# Population Genetics > mtDNA Haplogroups > H >  H1e2 anyone else?

## Serra

Hello my MTDNA is H1e2 my maternal lineage comes from Southern Italy ( Calabria ).

Do you have more informations about this haplogroup ?

Thank you.

----------


## Stuvanè

> Hello my MTDNA is H1e2 my maternal lineage comes from Southern Italy ( Calabria ).
> 
> Do you have more informations about this haplogroup ?
> 
> Thank you.


Hi, Serra.

I'm H1e (but 23andme suggests probable subclade H1e1a and my maternal line is eastern Emilian, from Ferrara and perhaps further back also from some near part of Veneto). 
Wait for the opinion of other more experienced members, but with a haplogroup like H - which is in turn subdivided into many subclades - it becomes very difficult for now to answer, because in fact it's one of the most common lineage, not only in Europe, but also in the Middle East and North Africa.
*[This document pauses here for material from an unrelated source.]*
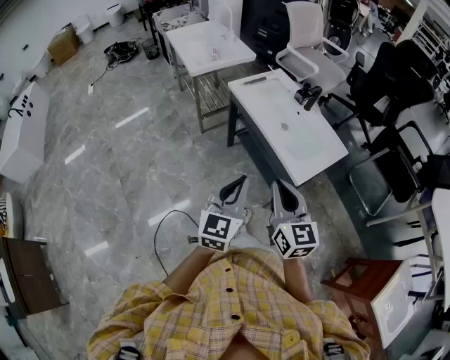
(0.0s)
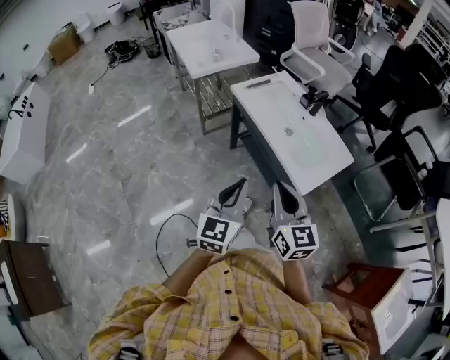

In general it shows a greater concentration close to the Iberian and Atlantic area (it's possible that it was one of the main maternal lineages of the Mesolithic Europeans), but then it spread towards the continental and Mediterranean Europe. If I remember correctly they found H1e champions in Neolithic Germany. Here is a recent paper that identified other H1e (perhaps pre-Neolithic) samples in ancient Sardinia.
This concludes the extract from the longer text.